PACS costs versus savings analysis draws gloomy conclusions

May 9, 2007

Despite its well-documented clinical advantages, PACS is associated with disadvantages that include significant capital expenditures. In at least one setting documented in a recent paper, the full amount of anticipated savings failed to materialize.

Despite its well-documented clinical advantages, PACS is associated with disadvantages that include significant capital expenditures. In at least one setting documented in a recent paper, the full amount of anticipated savings failed to materialize.

"Theoretically, PACS should provide cost savings for large subspecialized departments, although it is possible that proposed savings may not be achieved," said Dr. Arra Suresh Reddy, a radiologist at Beth Israel Deaconess Medical Center and Harvard Medical School.

Reddy's paper (J Digit Imaging 2006;19 Suppl 1:66-71) analyzes the budget variance of Beth Israel's PACS implementation. He evaluated PACS costs and savings compared with the projected budget at the time of inception.

The facility achieved $214,460 in annual cost savings, mainly through supplies and salaries. Over five years, savings totaled $1,072,300.

"This was significantly less than the $2,943,750 projected savings expected," Reddy said.

This discrepancy is attributed to several factors, including unanticipated costs.

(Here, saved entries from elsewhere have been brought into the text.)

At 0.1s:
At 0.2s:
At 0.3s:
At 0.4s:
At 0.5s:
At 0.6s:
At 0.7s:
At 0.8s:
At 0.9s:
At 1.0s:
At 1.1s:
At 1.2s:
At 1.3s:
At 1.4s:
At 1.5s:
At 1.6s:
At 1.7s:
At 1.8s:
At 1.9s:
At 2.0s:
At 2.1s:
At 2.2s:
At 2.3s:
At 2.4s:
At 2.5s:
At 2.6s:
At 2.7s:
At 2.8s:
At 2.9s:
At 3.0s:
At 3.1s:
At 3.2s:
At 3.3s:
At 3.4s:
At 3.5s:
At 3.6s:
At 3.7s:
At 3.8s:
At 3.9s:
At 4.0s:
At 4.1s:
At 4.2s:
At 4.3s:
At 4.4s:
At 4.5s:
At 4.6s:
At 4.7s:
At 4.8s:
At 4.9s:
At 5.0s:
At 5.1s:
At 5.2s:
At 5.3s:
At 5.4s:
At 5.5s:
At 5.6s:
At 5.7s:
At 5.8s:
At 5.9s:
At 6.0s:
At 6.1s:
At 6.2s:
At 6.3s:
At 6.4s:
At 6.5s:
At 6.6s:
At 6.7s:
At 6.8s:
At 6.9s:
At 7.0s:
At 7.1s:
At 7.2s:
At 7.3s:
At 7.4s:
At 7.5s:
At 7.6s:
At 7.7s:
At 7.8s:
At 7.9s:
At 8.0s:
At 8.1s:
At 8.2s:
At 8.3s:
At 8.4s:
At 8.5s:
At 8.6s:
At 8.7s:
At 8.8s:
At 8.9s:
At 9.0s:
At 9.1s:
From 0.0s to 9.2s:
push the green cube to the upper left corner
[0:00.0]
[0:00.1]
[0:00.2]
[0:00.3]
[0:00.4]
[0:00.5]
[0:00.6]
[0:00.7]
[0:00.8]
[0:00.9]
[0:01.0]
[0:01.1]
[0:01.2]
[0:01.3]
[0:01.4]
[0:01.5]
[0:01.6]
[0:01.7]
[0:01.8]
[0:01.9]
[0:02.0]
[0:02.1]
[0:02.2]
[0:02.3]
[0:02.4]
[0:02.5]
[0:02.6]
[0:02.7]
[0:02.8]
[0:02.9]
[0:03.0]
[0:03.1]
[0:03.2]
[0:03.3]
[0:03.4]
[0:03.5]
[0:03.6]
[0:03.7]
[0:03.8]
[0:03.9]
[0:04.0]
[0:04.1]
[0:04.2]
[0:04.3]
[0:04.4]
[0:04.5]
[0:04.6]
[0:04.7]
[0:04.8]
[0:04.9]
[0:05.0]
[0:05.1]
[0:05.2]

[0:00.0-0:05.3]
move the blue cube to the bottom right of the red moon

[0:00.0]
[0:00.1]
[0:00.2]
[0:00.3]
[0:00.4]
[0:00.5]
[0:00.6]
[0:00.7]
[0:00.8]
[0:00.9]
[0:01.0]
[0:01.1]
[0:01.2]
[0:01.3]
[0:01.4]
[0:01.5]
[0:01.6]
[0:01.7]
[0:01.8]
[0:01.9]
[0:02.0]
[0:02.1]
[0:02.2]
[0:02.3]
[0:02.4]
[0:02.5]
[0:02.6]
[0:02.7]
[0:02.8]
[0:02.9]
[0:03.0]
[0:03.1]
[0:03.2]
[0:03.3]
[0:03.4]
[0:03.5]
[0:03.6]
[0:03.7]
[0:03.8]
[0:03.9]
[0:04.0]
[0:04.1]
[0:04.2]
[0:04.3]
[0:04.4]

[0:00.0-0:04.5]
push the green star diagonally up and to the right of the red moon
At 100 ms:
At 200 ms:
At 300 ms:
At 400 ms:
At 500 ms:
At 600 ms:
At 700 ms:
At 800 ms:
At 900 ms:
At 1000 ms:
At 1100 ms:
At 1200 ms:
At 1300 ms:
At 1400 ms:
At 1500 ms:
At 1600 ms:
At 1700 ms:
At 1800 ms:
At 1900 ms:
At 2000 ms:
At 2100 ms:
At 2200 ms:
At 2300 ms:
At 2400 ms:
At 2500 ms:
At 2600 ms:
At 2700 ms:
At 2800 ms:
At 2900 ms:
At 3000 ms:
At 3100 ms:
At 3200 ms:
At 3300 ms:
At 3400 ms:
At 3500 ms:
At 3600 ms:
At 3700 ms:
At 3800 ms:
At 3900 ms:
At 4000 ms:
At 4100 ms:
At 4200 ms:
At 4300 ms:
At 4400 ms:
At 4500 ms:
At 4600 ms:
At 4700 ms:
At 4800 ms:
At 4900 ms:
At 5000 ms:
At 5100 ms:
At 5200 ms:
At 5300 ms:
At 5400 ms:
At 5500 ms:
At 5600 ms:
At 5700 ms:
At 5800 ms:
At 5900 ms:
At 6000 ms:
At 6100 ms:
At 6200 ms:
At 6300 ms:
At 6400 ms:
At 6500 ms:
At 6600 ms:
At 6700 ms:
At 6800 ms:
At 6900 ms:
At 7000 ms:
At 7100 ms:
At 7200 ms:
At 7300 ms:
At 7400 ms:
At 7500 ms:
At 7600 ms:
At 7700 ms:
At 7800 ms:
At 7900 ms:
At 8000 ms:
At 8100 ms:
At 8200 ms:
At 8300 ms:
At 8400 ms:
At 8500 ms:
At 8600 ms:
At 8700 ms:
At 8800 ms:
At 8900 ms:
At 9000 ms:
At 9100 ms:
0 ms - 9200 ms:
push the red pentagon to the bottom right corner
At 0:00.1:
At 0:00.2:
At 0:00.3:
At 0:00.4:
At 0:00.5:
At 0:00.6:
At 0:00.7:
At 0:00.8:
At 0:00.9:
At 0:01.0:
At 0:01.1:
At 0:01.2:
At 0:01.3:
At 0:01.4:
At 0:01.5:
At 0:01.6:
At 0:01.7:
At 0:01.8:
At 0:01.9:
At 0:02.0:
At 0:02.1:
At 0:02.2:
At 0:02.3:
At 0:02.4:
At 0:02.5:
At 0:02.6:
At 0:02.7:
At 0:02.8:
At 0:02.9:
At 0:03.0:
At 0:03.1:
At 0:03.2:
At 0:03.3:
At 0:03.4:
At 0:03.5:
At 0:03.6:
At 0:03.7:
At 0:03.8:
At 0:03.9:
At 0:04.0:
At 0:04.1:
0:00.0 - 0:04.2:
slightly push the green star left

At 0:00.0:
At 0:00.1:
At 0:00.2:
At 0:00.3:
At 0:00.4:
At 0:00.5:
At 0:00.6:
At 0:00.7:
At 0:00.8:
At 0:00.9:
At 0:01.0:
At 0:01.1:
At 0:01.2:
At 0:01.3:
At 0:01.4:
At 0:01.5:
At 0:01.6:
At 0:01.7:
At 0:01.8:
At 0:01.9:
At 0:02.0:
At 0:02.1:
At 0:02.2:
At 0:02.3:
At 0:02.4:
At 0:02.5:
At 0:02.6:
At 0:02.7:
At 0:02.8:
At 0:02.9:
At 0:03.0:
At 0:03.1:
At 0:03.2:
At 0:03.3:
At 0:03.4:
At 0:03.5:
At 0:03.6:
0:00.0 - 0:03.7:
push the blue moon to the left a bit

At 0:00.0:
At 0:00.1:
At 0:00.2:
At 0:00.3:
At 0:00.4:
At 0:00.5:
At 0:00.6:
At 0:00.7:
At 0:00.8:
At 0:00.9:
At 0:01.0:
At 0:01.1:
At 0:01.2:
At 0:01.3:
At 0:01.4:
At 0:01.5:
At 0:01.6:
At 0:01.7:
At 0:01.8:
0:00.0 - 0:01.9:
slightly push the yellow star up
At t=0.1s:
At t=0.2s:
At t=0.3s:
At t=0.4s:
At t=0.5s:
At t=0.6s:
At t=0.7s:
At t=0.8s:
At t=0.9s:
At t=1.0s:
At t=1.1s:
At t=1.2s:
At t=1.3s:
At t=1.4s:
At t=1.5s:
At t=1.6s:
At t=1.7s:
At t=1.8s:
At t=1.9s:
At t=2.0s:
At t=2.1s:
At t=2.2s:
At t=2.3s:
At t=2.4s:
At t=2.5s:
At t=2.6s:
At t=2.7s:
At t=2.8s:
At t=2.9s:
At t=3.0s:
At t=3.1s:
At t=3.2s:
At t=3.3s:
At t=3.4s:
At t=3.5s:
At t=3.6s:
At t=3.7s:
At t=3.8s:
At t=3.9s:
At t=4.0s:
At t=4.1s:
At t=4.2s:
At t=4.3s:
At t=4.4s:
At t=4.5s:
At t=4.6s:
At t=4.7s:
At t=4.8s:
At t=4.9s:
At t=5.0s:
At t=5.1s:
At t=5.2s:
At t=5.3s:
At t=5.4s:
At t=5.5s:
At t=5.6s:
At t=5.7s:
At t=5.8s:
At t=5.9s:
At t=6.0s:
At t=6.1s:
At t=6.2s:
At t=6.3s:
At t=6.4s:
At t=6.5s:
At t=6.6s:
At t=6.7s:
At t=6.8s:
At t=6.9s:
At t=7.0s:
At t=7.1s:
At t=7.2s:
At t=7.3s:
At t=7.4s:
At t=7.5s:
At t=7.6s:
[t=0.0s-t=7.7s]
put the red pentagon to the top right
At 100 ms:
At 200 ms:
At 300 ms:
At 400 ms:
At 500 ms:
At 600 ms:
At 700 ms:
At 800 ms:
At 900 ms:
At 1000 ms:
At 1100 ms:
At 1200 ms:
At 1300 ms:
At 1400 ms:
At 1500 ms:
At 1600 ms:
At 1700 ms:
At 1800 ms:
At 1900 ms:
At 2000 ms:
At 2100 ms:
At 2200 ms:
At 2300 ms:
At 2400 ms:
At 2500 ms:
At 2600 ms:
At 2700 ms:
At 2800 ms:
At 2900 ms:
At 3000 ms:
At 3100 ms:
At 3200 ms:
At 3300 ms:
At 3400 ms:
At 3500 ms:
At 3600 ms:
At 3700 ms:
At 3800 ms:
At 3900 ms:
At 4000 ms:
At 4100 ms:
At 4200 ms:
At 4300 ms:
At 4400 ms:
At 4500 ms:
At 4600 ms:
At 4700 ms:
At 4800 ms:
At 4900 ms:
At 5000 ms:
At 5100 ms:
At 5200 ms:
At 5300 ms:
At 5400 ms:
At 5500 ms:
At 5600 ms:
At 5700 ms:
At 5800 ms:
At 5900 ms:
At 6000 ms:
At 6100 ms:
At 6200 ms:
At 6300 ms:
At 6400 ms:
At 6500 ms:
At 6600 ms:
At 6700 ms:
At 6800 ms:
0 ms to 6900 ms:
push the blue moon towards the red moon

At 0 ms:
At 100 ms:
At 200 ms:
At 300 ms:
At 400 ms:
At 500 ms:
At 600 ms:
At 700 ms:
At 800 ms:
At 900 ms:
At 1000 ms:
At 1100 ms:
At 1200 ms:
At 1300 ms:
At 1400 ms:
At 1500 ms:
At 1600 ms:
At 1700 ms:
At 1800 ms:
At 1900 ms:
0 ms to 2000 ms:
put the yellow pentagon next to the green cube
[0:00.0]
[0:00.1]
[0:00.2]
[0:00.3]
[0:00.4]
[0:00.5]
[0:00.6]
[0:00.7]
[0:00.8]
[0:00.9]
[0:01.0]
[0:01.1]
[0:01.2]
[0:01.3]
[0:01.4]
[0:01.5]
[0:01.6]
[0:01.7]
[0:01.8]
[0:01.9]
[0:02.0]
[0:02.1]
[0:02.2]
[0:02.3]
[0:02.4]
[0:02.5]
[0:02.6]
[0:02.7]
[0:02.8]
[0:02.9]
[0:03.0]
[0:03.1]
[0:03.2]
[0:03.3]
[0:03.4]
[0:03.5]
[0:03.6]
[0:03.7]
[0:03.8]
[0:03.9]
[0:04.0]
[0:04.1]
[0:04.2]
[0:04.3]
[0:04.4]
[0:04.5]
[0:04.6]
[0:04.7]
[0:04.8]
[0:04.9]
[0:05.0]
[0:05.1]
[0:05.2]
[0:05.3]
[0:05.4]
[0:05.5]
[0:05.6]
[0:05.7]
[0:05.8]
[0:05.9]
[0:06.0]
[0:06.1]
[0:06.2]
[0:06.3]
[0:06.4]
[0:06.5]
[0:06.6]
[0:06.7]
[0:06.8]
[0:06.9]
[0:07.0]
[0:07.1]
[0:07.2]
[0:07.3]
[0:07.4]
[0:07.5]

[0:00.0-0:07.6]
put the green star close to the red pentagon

Beth Israel experienced $162,685 in annual unanticipated costs, representing roughly 19% of the $852,660 in annual savings accrued through supply and salary savings. Ancillary or hidden costs can be quite large and can potentially offset proposed savings, Reddy said.

"To have this large amount of unanticipated costs means both the initial estimates by vendors and our own forecasting model were extremely flawed," he said.

These unanticipated costs were for temporary workers ($40,684), information systems support ($44,310), and "other" ($77,691).

One suggestion from Reddy to limit the effect of variable costs is to compare spending versus budget on a regular basis. This would permit administrators to identify potential issues relatively early so timely corrective action can be taken.

"Also, we should have held vendors more accountable," he said.

Reddy said the radiology department chair and business manager both worked closely with the vendor to create the project budget.

"We believe it is just as important for vendors to be accurate with their estimates as it is for them to provide quality service," he said.

Although Beth Israel did have a signed contract holding vendor delivery costs to a specified amount, upgrades exceeded anticipated costs.

"Penalizing vendors financially for underestimating true costs could help institutions receive more accurate quotes," Reddy said.